» **TASK DIRECTIONS**
Nothing but the lines below from the one containing "अब अगले साल का चित्र है" through the one containing "und Arroganz gegenüber" should appear in the answer, exact and without pictures.

» **DATA FOR THE TASK**
--- START ---
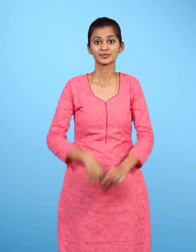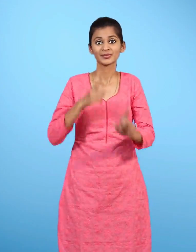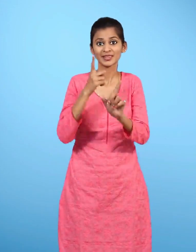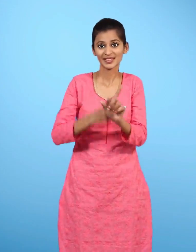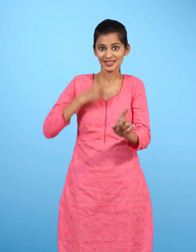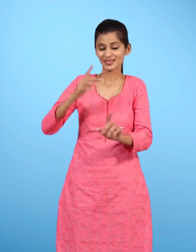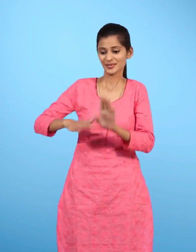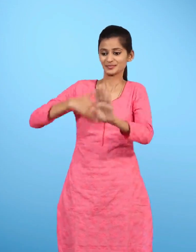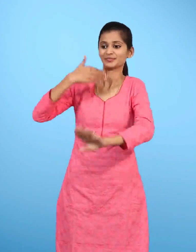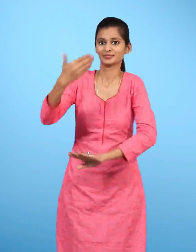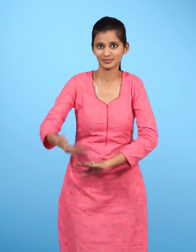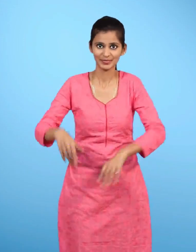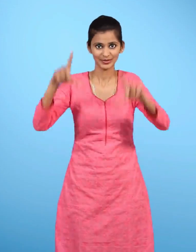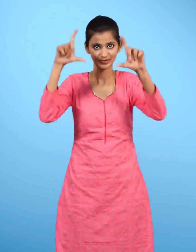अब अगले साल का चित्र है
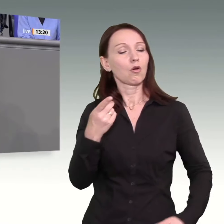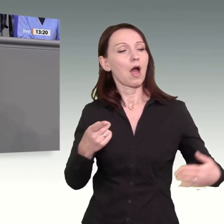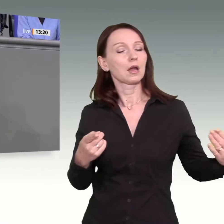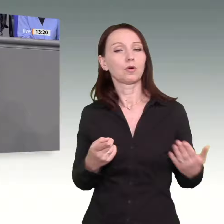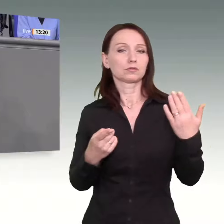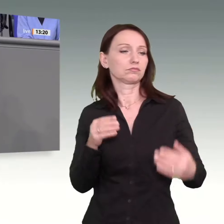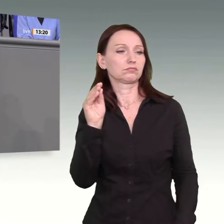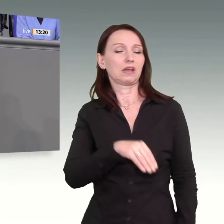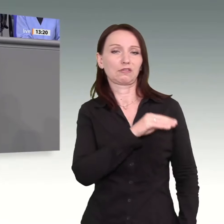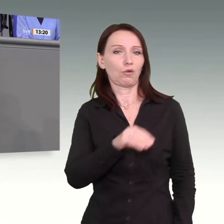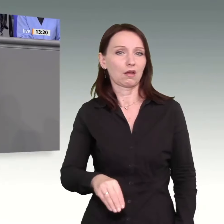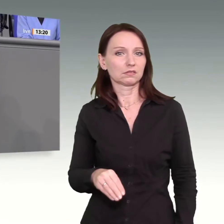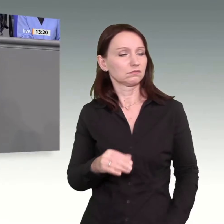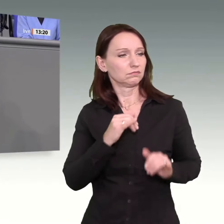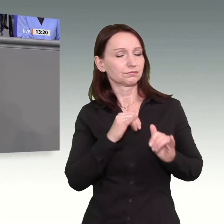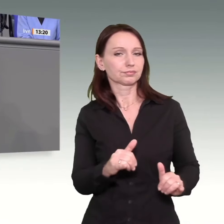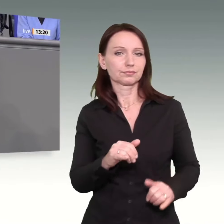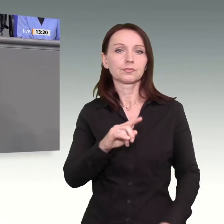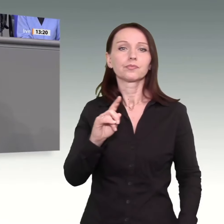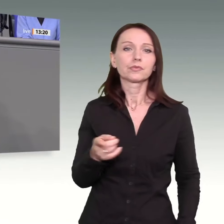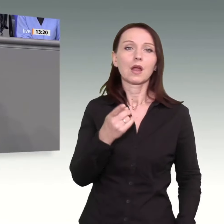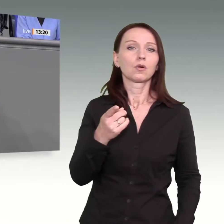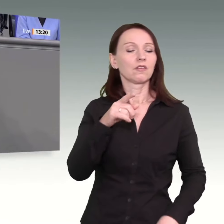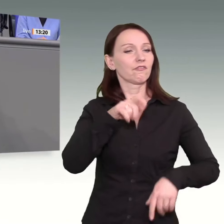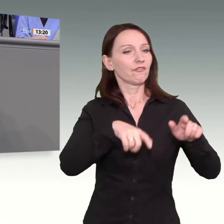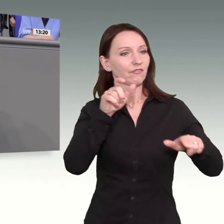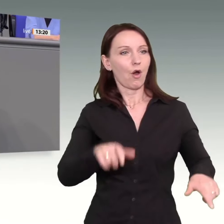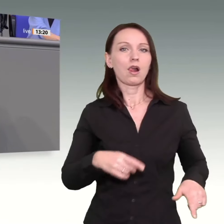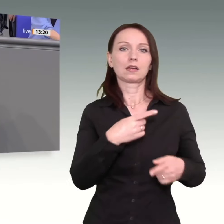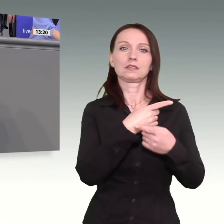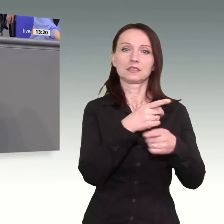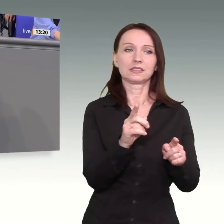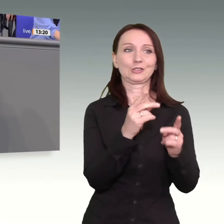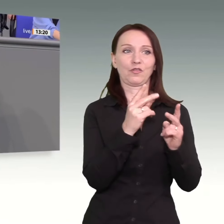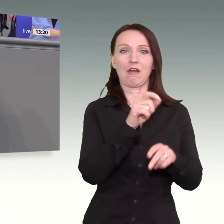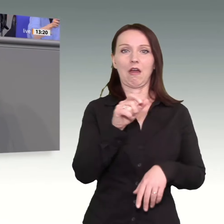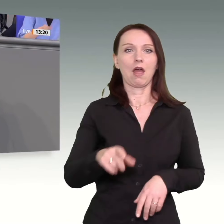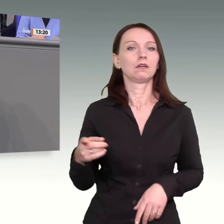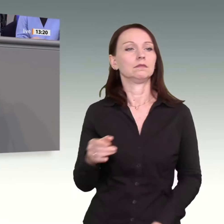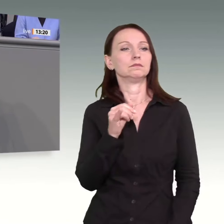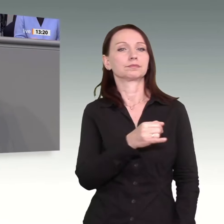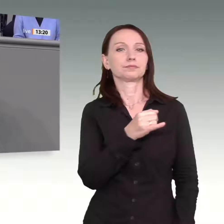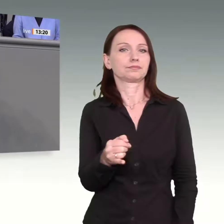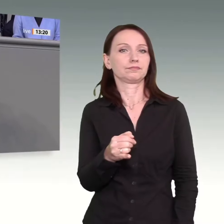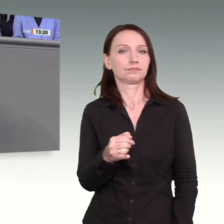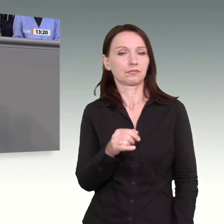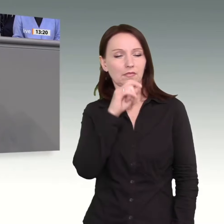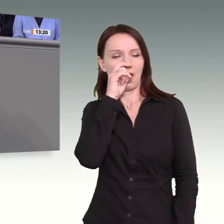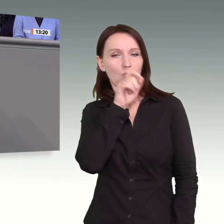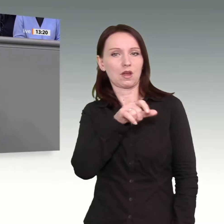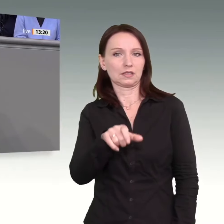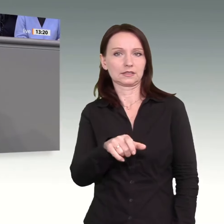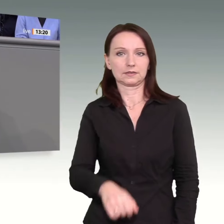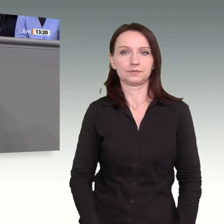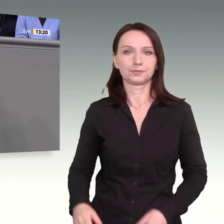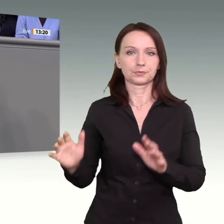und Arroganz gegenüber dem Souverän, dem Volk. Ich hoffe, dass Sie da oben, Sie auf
--- END ---
--- START ---
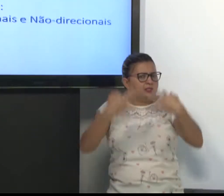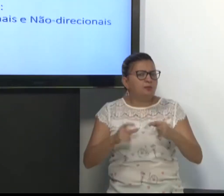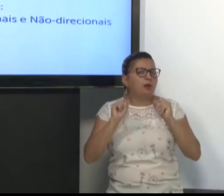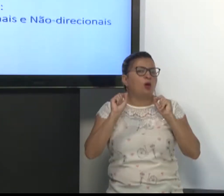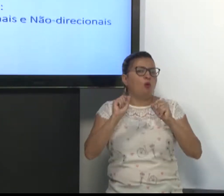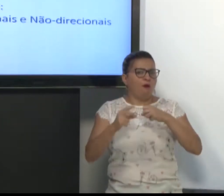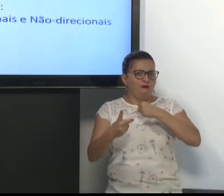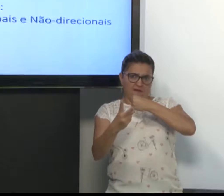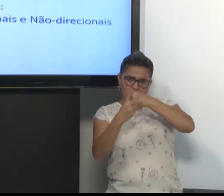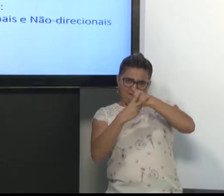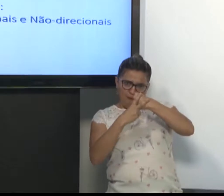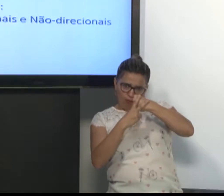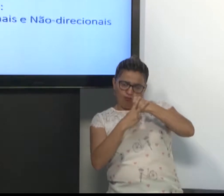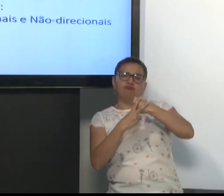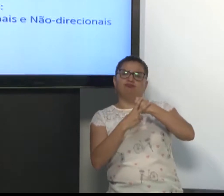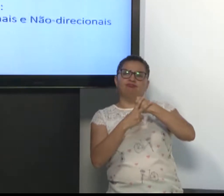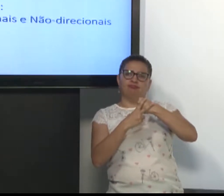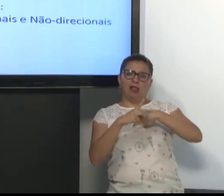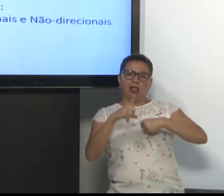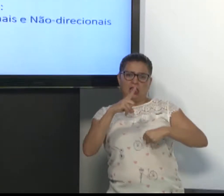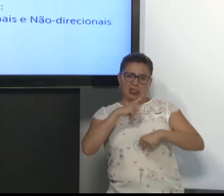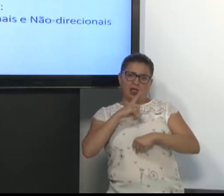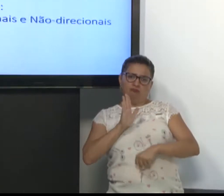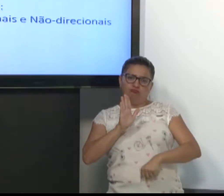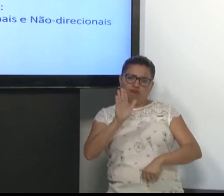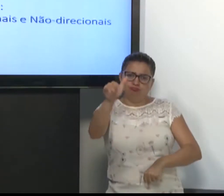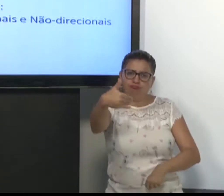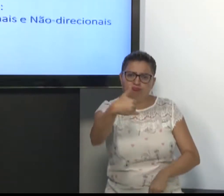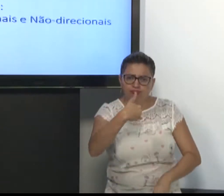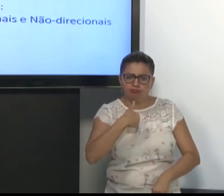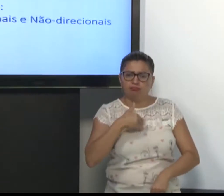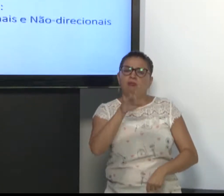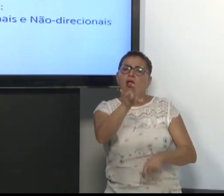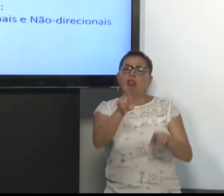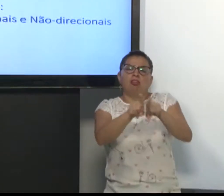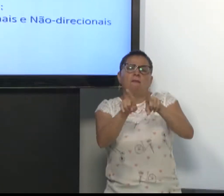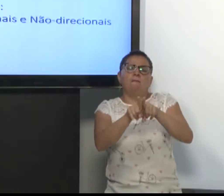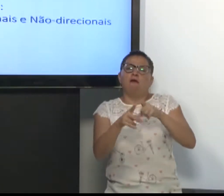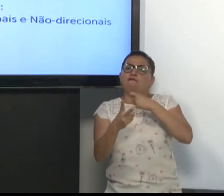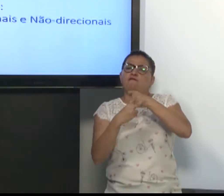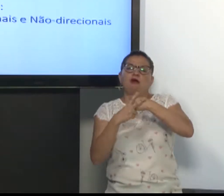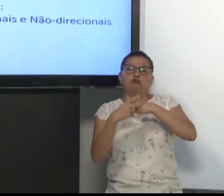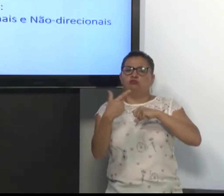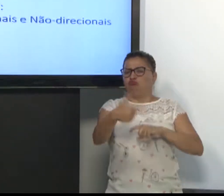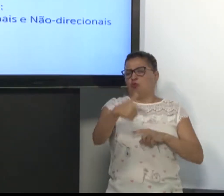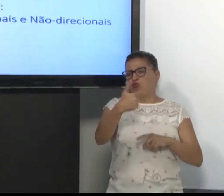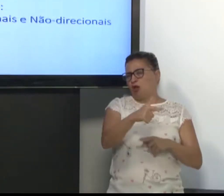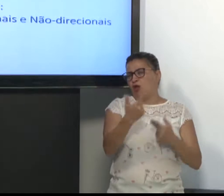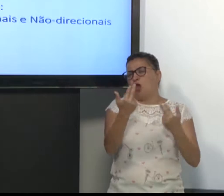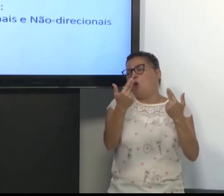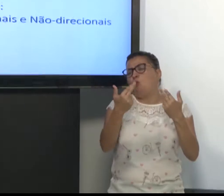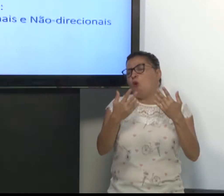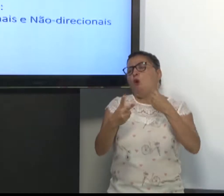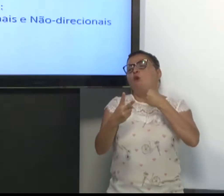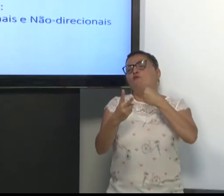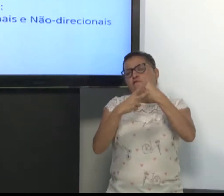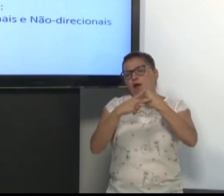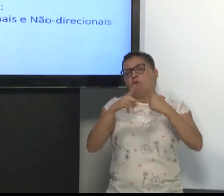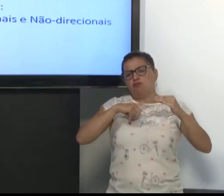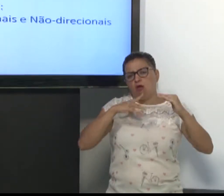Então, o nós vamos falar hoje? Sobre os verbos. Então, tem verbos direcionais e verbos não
--- END ---
» **EXPECTED ANSWER**
अब अगले साल का चित्र है
und Arroganz gegenüber dem Souverän, dem Volk. Ich hoffe, dass Sie da oben, Sie auf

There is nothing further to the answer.